The trial judge stated as follows:
"It is agreed that defendant City has the authority to exercise its police powers via legislation to promote the general welfare and public safety of its citizens. However, the exercise of such power must be reasonable and not arbitrary or aggressive, and the means selected shall have a real and substantial relation to the object sought to be attained, so as to avoid a taking of property without due process of law."
The trial judge erred in holding that the order to construct a sidewalk was an unreasonable and arbitrary exercise of policepower. The resolution was promulgated under the authority of R.C. 729.01. This court has previously discussed the nature of the action taken and the standard to be applied:
"Relative to this claim, we think it should be noted that a distinction must be made between the class of cases which involve solely the police power of the municipality and the class of cases involving what is commonly referred to as a governmental purpose in the public interest.
"* * *
"[T]here is a real difference between a court's examination of a legislative determination to see if it is `clearly erroneous' as in police power cases, and the substitution of its judgment for that of the legislative body on a showing of fraud or gross abuse of discretion when passing upon the validity of legislative action to carry on public improvements in the interest of public welfare." Grisanti v. Cleveland (App. 1962), 89 Ohio Law Abs. 1, 6-7, *Page 822 181 N.E.2d 299, 303, appeal dismissed (1962), 371 U.S. 68,83 S.Ct. 111, 9 L.Ed.2d 119, citing Benjamin v. Columbus (1957), 167 Ohio St. 103, 4 O.O.2d 113, 146 N.E.2d 854; Kittel v. Bigelow (1941),138 Ohio St. 497, 21 O.O. 380, 37 N.E.2d 41; and Railroad Co. v.Defiance (1895), 52 Ohio St. 262, 40 N.E. 89.
An abuse of discretion is more than an error of law or judgment; it connotes an unreasonable, arbitrary or unconscionable attitude. Blakemore v. Blakemore (1983), 5 Ohio St.3d 217, 5 OBR 481, 450 N.E.2d 1140.
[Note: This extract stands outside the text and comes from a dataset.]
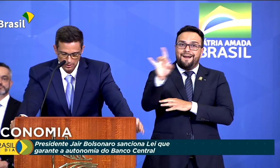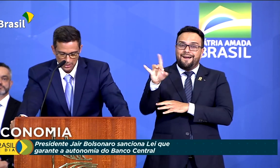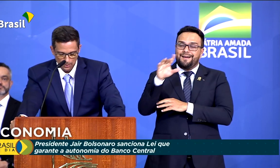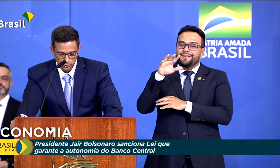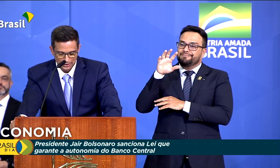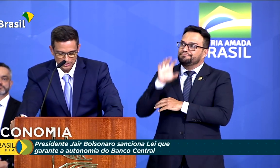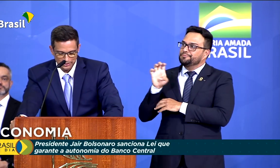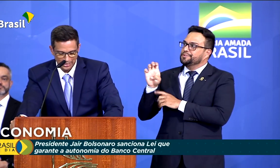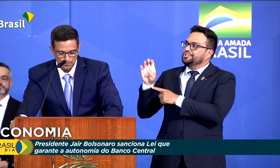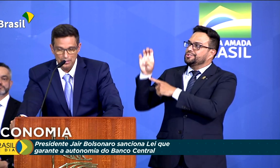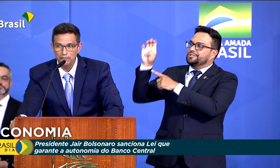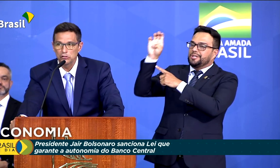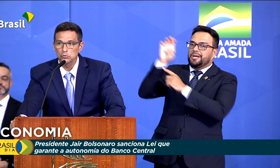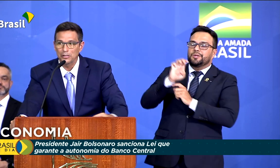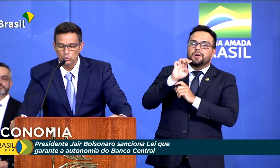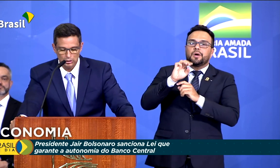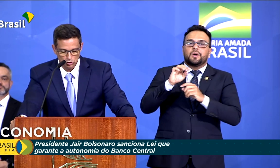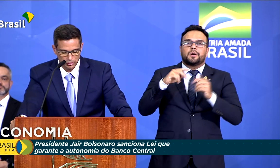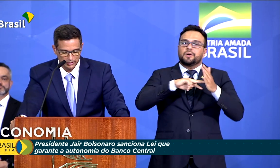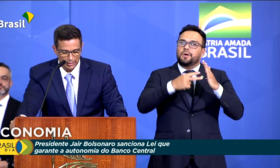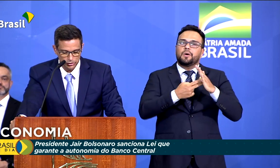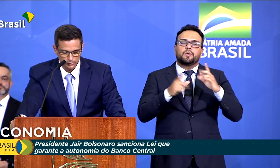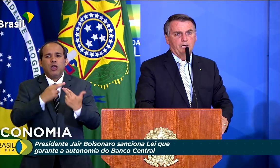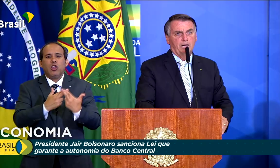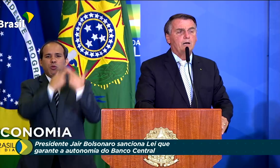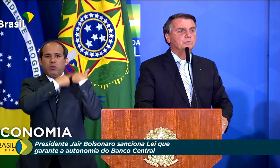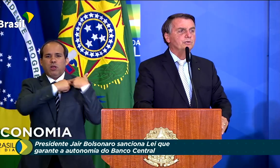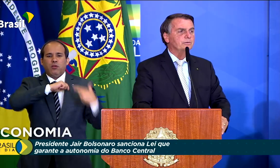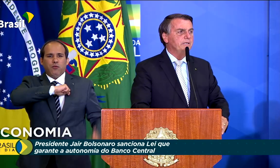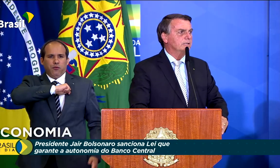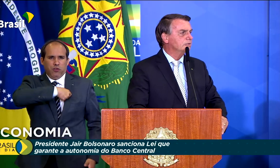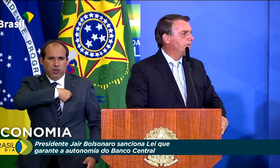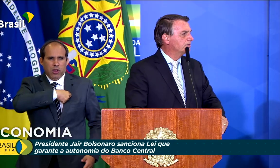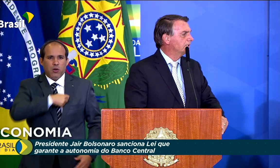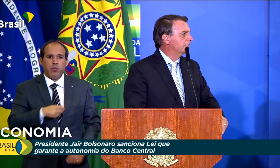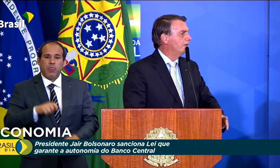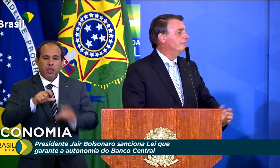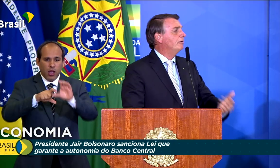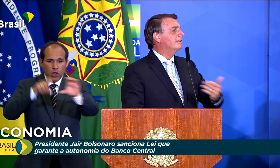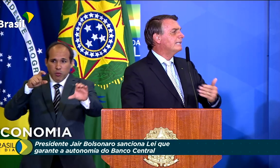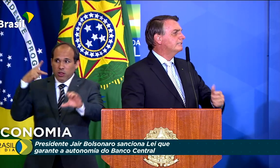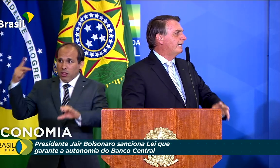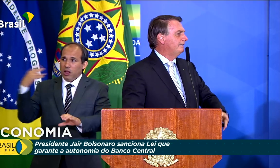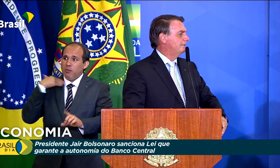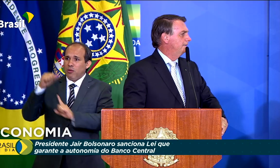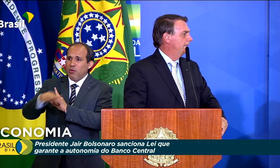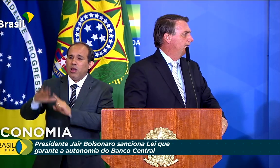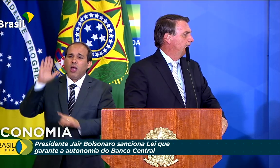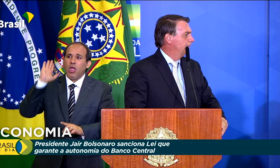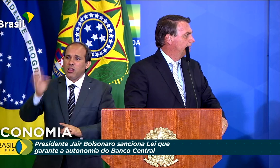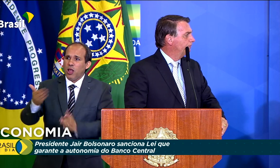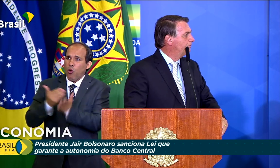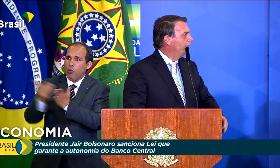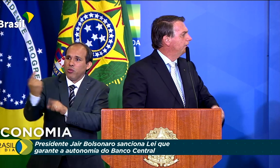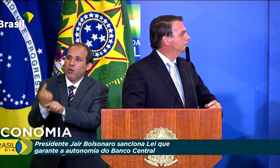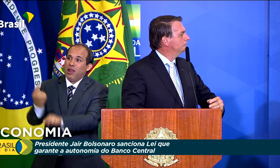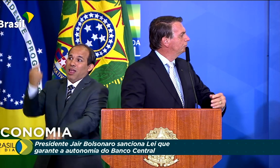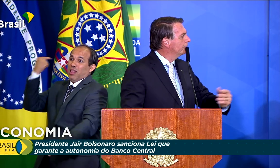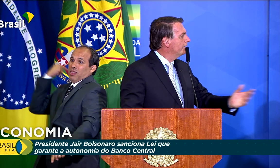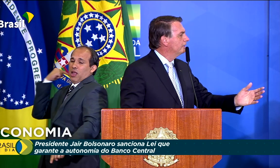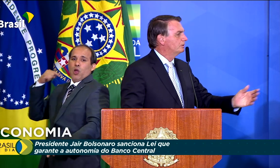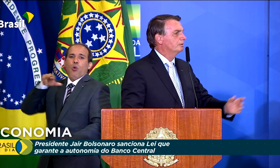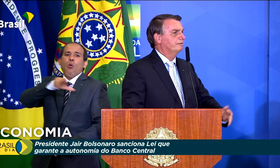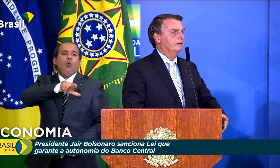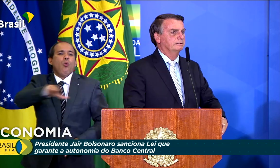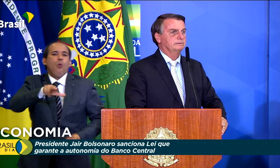seja, a mudança trará benefícios para toda a sociedade. A autonomia do Banco Central veio lá de trás. Não foi
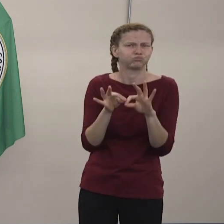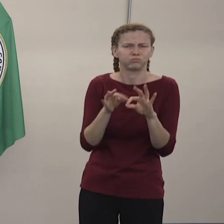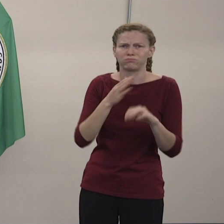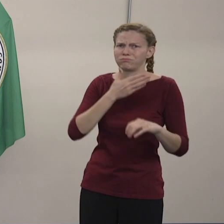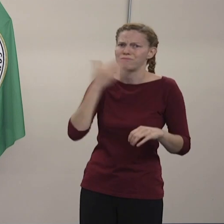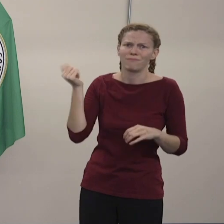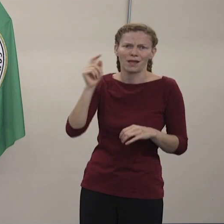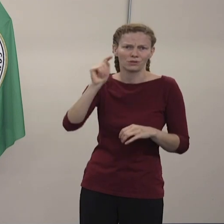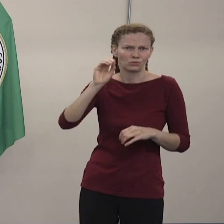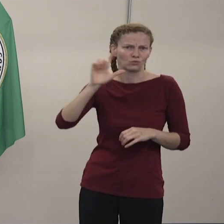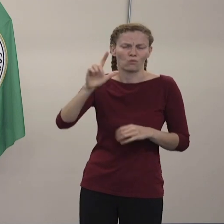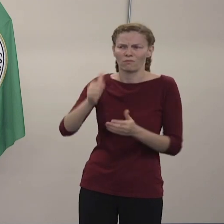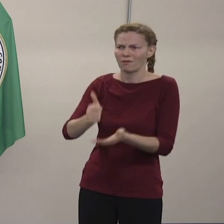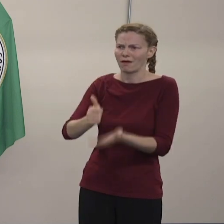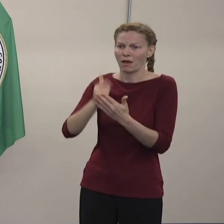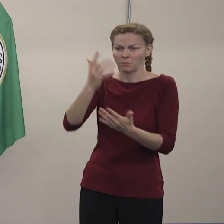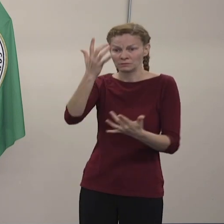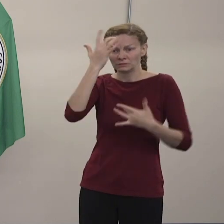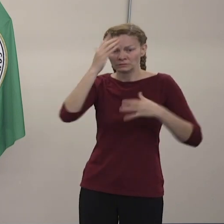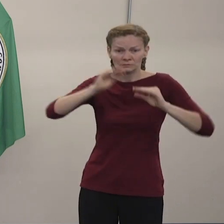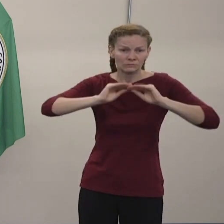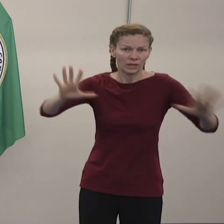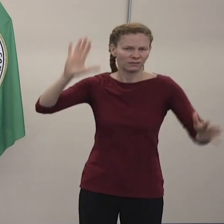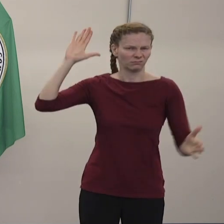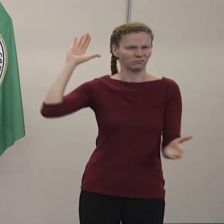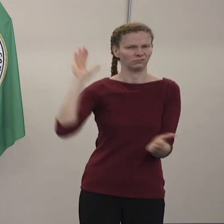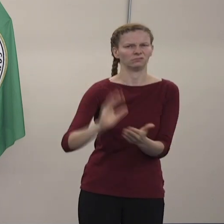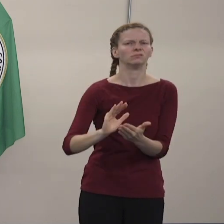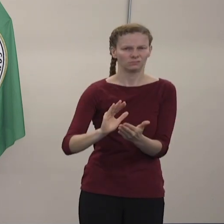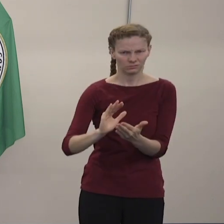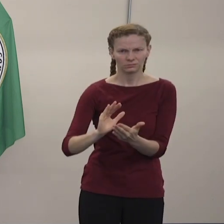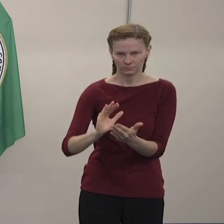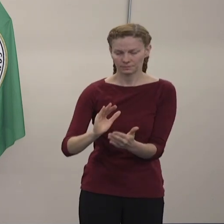para minimizar el esparcimiento de la COVID-19.

Thus, the trial court's conclusion that the appellant's decision was unreasonable and arbitrary did not exceed the scope of possible conclusions even though it erroneously referred to an exercise of police power. It did not apply the "clearly erroneous" standard used in police power cases.
The trial court stated that the order was unreasonable and arbitrary because appellant did not conduct studies to show the need for the sidewalks. As noted the necessity of the change is not the standard. "[P]resumptions of reasonableness and enhancement to the property are in favor of the city." Wolfe,supra, 11 Ohio St.3d at 84, 11 OBR at 327, 463 N.E.2d at 1254. There is no allegation of fraud.
The trial court properly concluded that the appellant acted arbitrarily and unreasonably, i.e., abused its discretion. Appellant assessed appellees for an improvement that might benefit others rather than because it would benefit appellees. After the fact appellant tried to argue that visitors to appellees' property would have improved access. However, it is apparent that the benefit to the community was the motivating factor and that the impact on appellees' property was not considered. Assignment of Error No. II is overruled.
The decision of the trial court is affirmed.
Judgment affirmed.
ANN McMANAMON, J., concurs.
KRUPANSKY, P.J., dissents.
EDWIN T. HOFSTETTER, J., retired, of the Eleventh Appellate District, sitting by assignment.